Michelle Bachelet a appelé de son côté à ce que les auteurs de crimes de guerre et contre l'humanité en Syrie soient traduits en justice

Une affiche du président syrien Bashar el-Assad disant "Assad est avec vous pour toujours" au marché populaire Hamidiyeh de la vieille ville de Damas, pendant les préparatifs de l'Aïd al-Adha, le 11 septembre 2016. (Crédit : AFP/Louai Beshara)
Une affiche du président syrien Bashar el-Assad disant "Assad est avec vous pour toujours" au marché populaire Hamidiyeh de la vieille ville de Damas, pendant les préparatifs de l'Aïd al-Adha, le 11 septembre 2016. (Crédit : AFP/Louai Beshara)

Le « Small group » sur la Syrie, réunissant notamment les Etats-Unis, le Royaume-uni et la France, a appelé jeudi l’envoyé spécial de l’ONU à organiser au plus vite la première réunion d’un comité chargé de rédiger une Constitution afin de pouvoir organiser des élections dans ce pays.

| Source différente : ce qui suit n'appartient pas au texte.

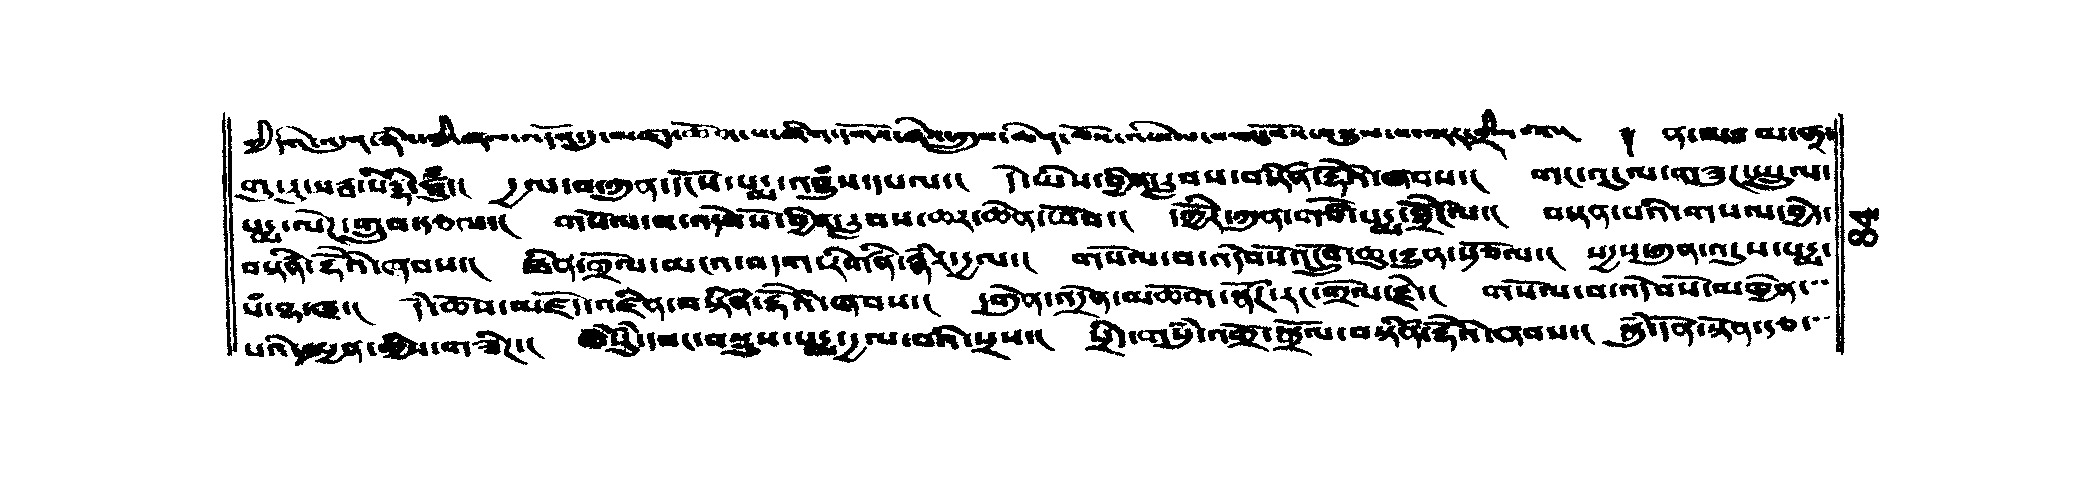གྱི་དགེ་འདུན་རྣམས་ཀྱི་ཞལ་འདོན་དུ་མཛད་ཆོག་པ་ཞིག་དགོས་ཞེས་གྲུབ་ཆེན་ཆོས་འཕེལ་བཟང་པོས་བསྐུལ་པ་ལྟར་བྲིས་པའོ།། ༈ ན་མཿམ་ཧ་
གུ་རུ་སརྦ་སིདྡྷི་ཧཱུྃ། རྒྱལ་བ་ཀུན་དངོས་པདྨ་འབྱུང་གནས་དཔལ། །དེ་ཡིས་བྱིན་རླབས་བསྟན་འཛིན་རྡོ་རྗེའི་ཞབས། །གང་འདུལ་གཟུགས་སྤྲུལ་
པདྨ་ལེགས་གྲུབ་རྩལ། །གསོལ་བ་འདེབས་སོ་བྱིན་རླབས་ཆར་ཆེན་ཕོབ། །དཀྱིལ་འཁོར་ཀུན་གཙོ་པདྨ་ཐོད་ཕྲེང་རྩལ། །བསྟན་པའི་གསལ་བྱེད་
བསྟན་འཛིན་རྡོ་རྗེའི་ཞབས། །སྨིན་གྲོལ་མངའ་བདག་རིག་འཛིན་རྣམ་པར་རྒྱལ། །གསོལ་བ་འདེབས་སོ་དངོས་གྲུབ་ཆུ་རྒྱུན་སྩོལ། །སངས་རྒྱས་ཀུན་འདུས་པདྨ་
སཾ་བྷ་ཝ། །དམ་ཆོས་མཛོད་འཛིན་བསྟན་འཛིན་རྡོ་རྗེའི་ཞབས། །དགེ་འདུན་འདྲེན་མཆོག་སྣ་ཚོགས་རང་གྲོལ་རྗེ། །གསོལ་བ་འདེབས་སོ་མཁྱེན་
པའི་སྤྱན་གྱིས་གཟིགས། །ཁམས་གསུམ་དབང་བསྡུས་པདྨ་རྒྱལ་བའི་སྲས། །སྲིད་གསུམ་འགྲོ་སྒྲོལ་བསྟན་འཛིན་རྡོ་རྗེའི་ཞབས། །སྐུ་གསུམ་དོན་སྟོན་རྩ་

« Nous appelons (…) à réunir aussitôt que possible une commission constitutionnelle crédible et ouverte à tous qui engagera les travaux de rédaction d’une nouvelle Constitution syrienne et établira les bases d’élections libres et régulières », ont déclaré les sept chefs de la diplomatie du Small group (Allemagne, Arabie saoudite, Égypte, États-Unis, France, Jordanie et Royaume-uni).

L’envoyé spécial, Staffan de Mistura, est invité à présenter le 31 octobre « au plus tard » les progrès qu’il aura accomplis, ont-il ajouté à l’issue d’une réunion à New York en marge de l’Assemblée générale annuelle de l’ONU.

Ces élections devront être ouvertes à tous les Syriens, y compris les millions de réfugiés ayant fui le pays depuis le début de la guerre civile en 2011, ont-ils souligné.

Le vote des réfugiés compliquerait la donne pour le président Bachar al-Assad, qui apparaît de plus en plus comme le vainqueur du conflit.

Le « Small group » a invité la Russie et l’Iran, alliés de Damas, à « faire en sorte que les parties syriennes se montrent prêtes à participer de manière substantielle aux travaux de cette commission ».

Le régime syrien a montré peu d’empressement ces derniers mois à participer au processus de paix sous l’égide de l’ONU à mesure qu’il gagnait du terrain militairement.

« Il n’existe pas de solution militaire à la guerre ni d’autre possibilité qu’une solution politique », ont insisté les sept ministres dans leur déclaration commune.

« Ceux qui recherchent une solution militaire ne réussiront qu’à accroître le risque d’une escalade dangereuse et d’une extension de la crise qui embraserait toute la région et au-delà », ont-ils averti.

Le Haut-Commissaire de l’ONU aux droits de l’Homme, Michelle Bachelet, a appelé de son côté dans un communiqué à tout faire pour que les auteurs de crimes de guerre et contre l’humanité en Syrie soient traduits en justice.

Elle a exhorté la communauté internationale à « oeuvrer pour l’instauration d’un cessez-le-feu général et de processus qui puissent mettre fin à ce conflit insensé ».